# CLX LODA Anomaly Detection

This is an introduction to CLX LODA Anomaly Detection.

## Introduction

Anomaly detection is an important problem that has been studied within wide areas and application domains. Several anomaly detection algorithms are generic while many are developed specifically to the domain of interest. In practice, several ensemble-based anomaly detection algorithms have been shown to have superior performance on many benchmark datasets, namely Isolation Forest, Lightweight Online Detector of Anomalies (LODA), and an ensemble of Gaussian mixture models ...etc.

The Loda algorithm is one of the good performing generic anomaly detection algorithms. Loda detects anomalies in a dataset by computing the likelihood of data points using an ensemble of one-dimensional histograms.

## How to train LODA Anomaly Detection model

First initialize your new model

In [1]:
from clx.analytics.loda import Loda

loda_ad = Loda(n_bins=None, n_random_cuts=100)

Next, train your LODA Anomaly detector. The below example uses a `5-D multivariate synthetic dataset` for demonstration only.
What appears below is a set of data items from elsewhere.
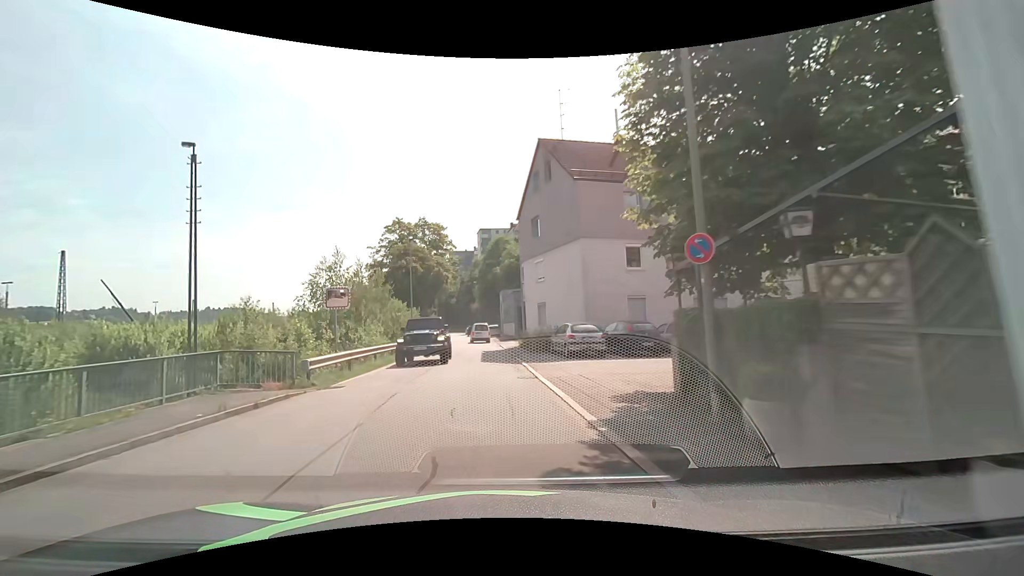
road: residential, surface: asphalt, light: Day
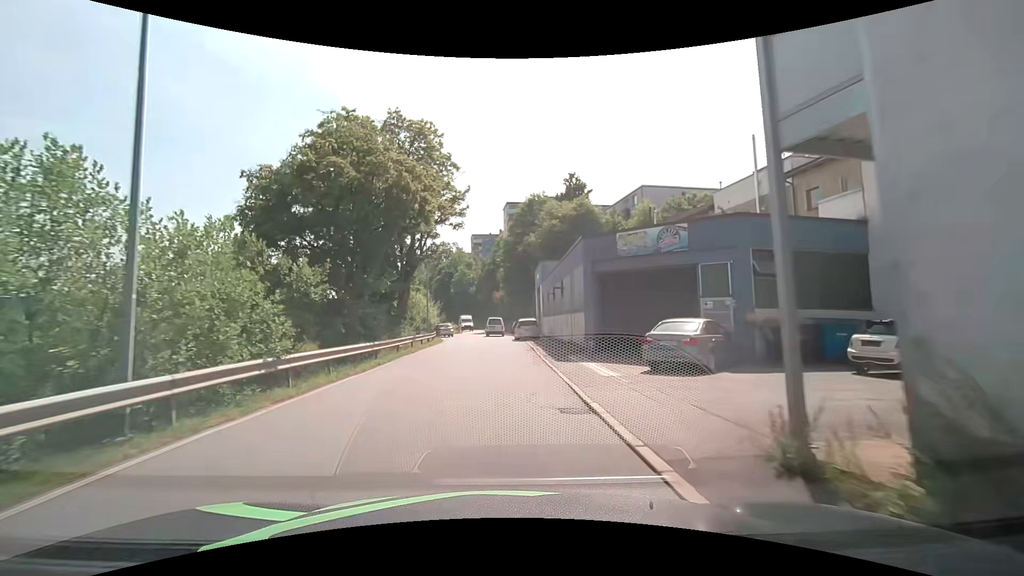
(-1.6, +30.4) m; -4°
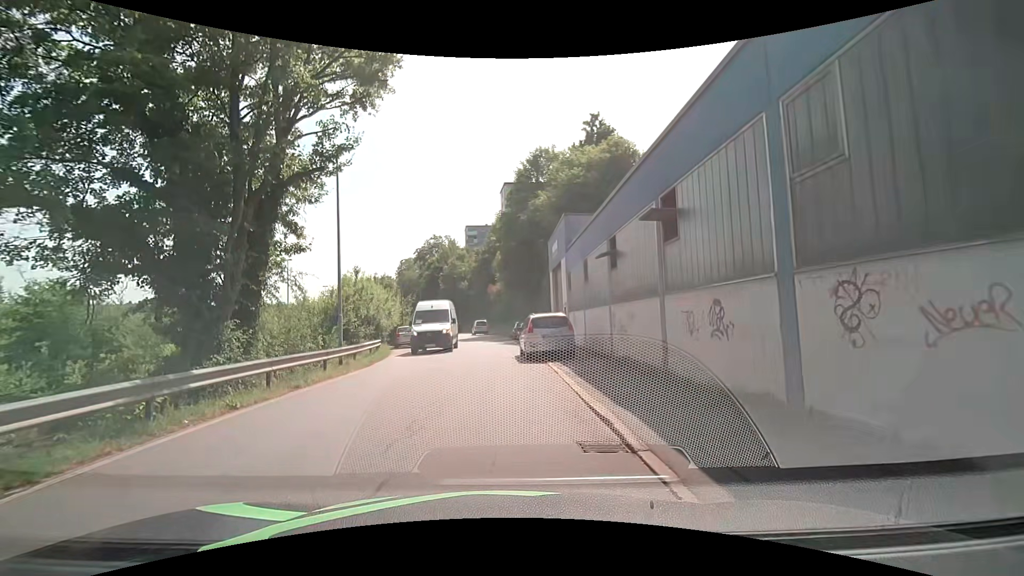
(+0.1, +19.1) m; 0°
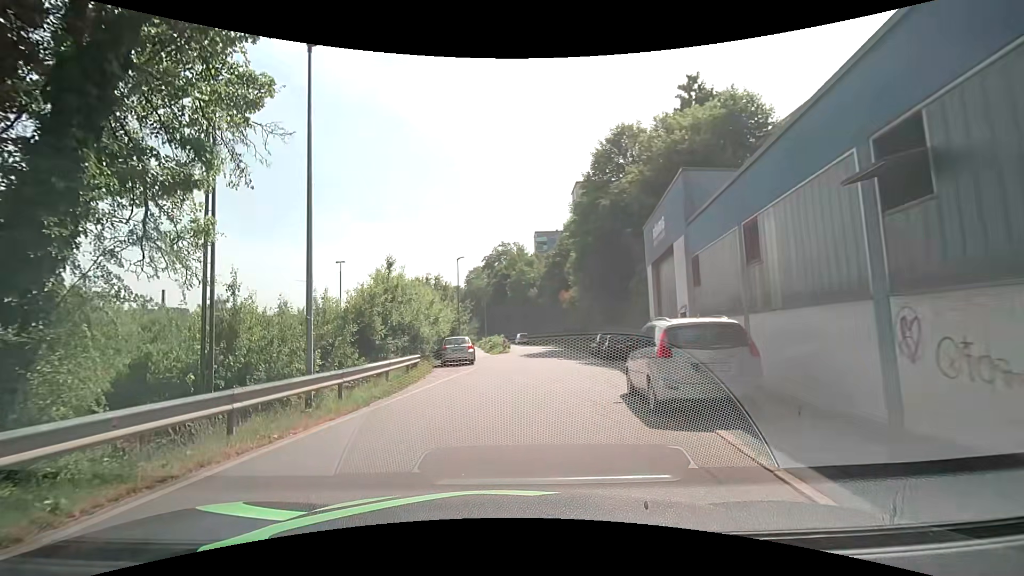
(-0.2, +9.0) m; -5°
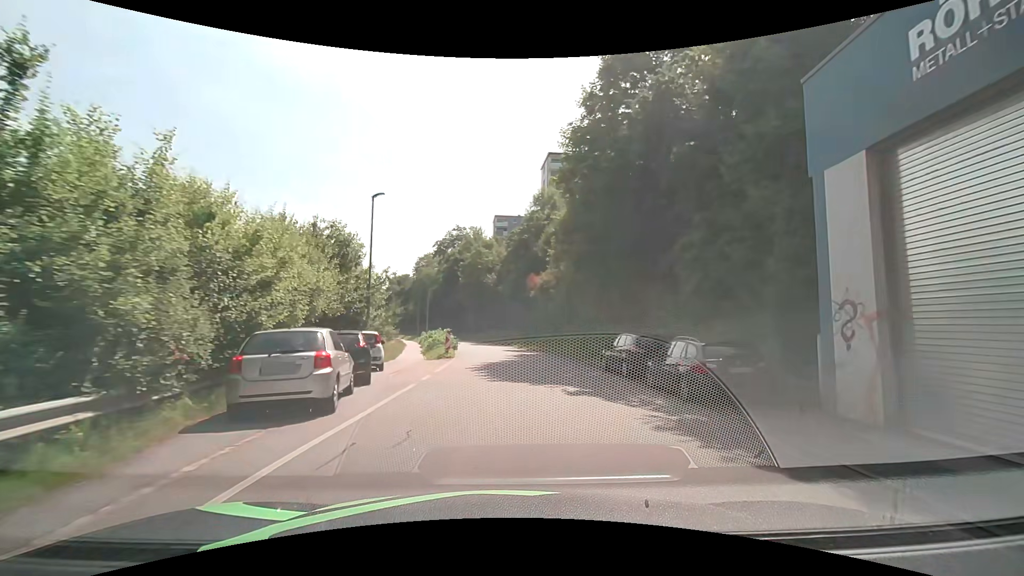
(-0.3, +17.4) m; +3°
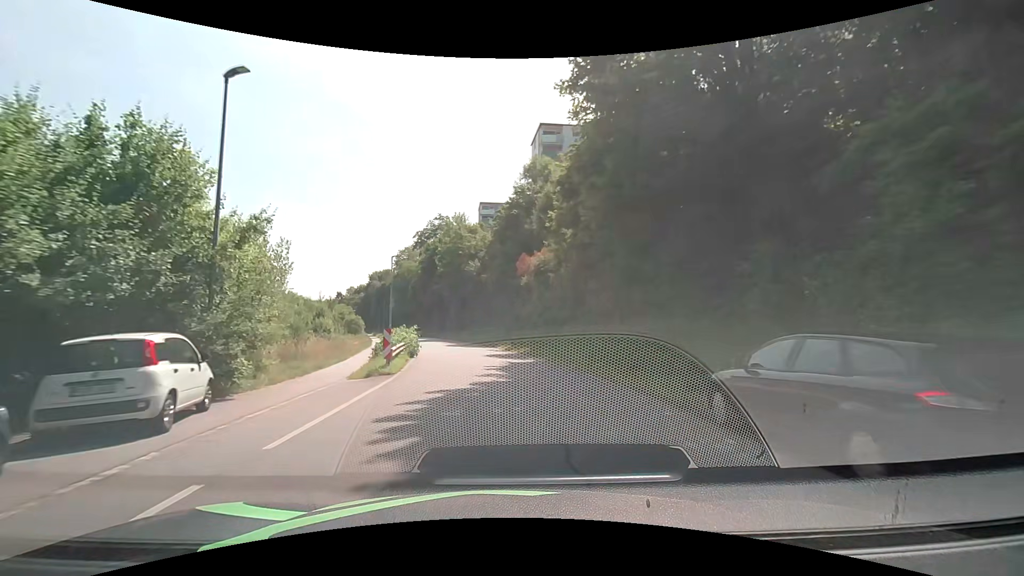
(+0.4, +11.7) m; +3°
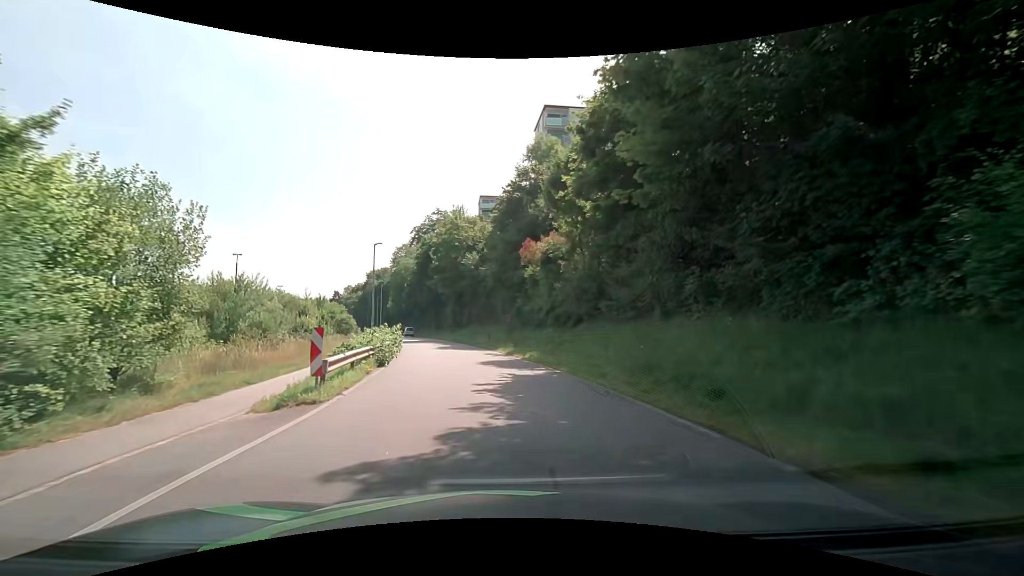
(-0.1, +6.2) m; -1°
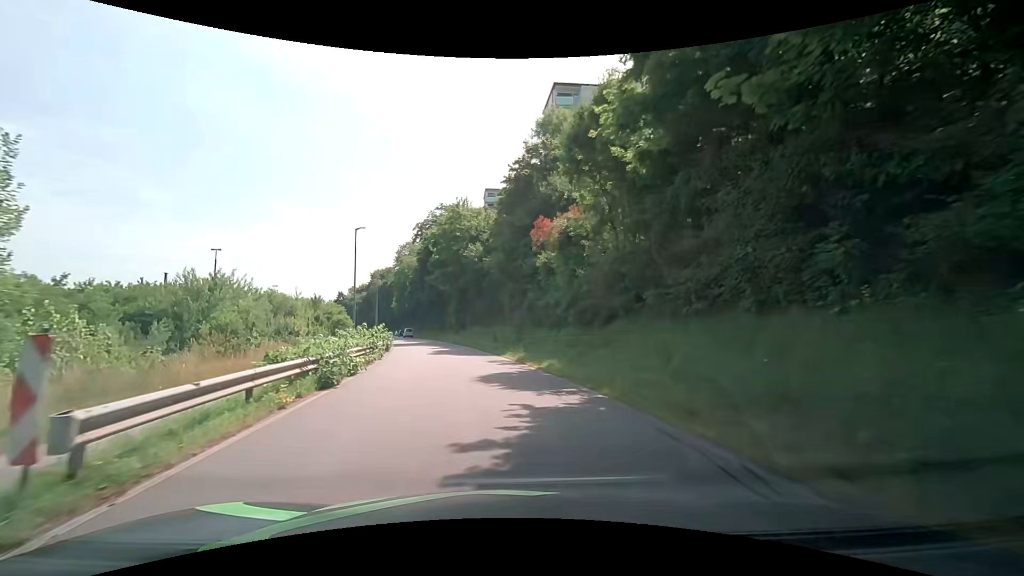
(0.0, +6.4) m; 0°
(0, +10) (-1, +20) (-2, +30) (-4, +40) (-6, +49) (-8, +59) (-11, +69) (-13, +79) (-16, +88) (-18, +98) m

Ideally you will want a larger training set.

In [2]:
import cupy as cp
x = cp.random.randn(100,5)
loda_ad.fit(x)

## Evaluate detector

In [3]:
score = loda_ad.score(x) #generate nll scores
print(score)

[0.02504323 0.04019007 0.02562371 0.03061367 0.04752786 0.04289815
 0.02754808 0.04728209 0.03528147 0.03084071 0.04800468 0.03810805
 0.06416966 0.03079894 0.03384362 0.02584911 0.03283915 0.04372543
 0.02679274 0.03050299 0.03536936 0.02609486 0.03020831 0.02585407
 0.03935717 0.03466724 0.02478028 0.03598875 0.02926487 0.04528794
 0.03143523 0.02618153 0.02640285 0.04027725 0.05122316 0.02747226
 0.02948695 0.0377711  0.03794401 0.0341601  0.03190703 0.04000252
 0.02768167 0.03384439 0.03125174 0.04467097 0.05840884 0.05366506
 0.02665807 0.02636387 0.02587865 0.0507532  0.02846542 0.02756456
 0.0322691  0.0435649  0.03847129 0.02806225 0.02990485 0.03676192
 0.02981161 0.04271214 0.03094535 0.04040348 0.03780686 0.04097244
 0.02685846 0.04776255 0.03761849 0.04382971 0.02780935 0.02530128
 0.02547234 0.02792817 0.02624567 0.03750734 0.02563193 0.03189411
 0.02779641 0.03145703 0.03154918 0.04150905 0.02863377 0.03065881
 0.03108079 0.02714798 0.04061623 0.0379528  0.04409691 0.0299

## Explanation of anomalies
To explain the cause of anomalies LODA utilize contributions of each feature across the histograms.

In [4]:
feature_explanation = loda_ad.explain(x[5])

In [5]:
print("Feature importance scores: {}".format(feature_explanation.ravel()))

Feature importance scores: [0.22249588 0.         0.12161014 1.         0.69199443]


## Conclusion
This example shows GPU implementation of LODA algorithm for anomaly detection and explanation. Users can experiment with other datasets and evaluate the model implementation to identify anomalies and explain the features using RAPDIS.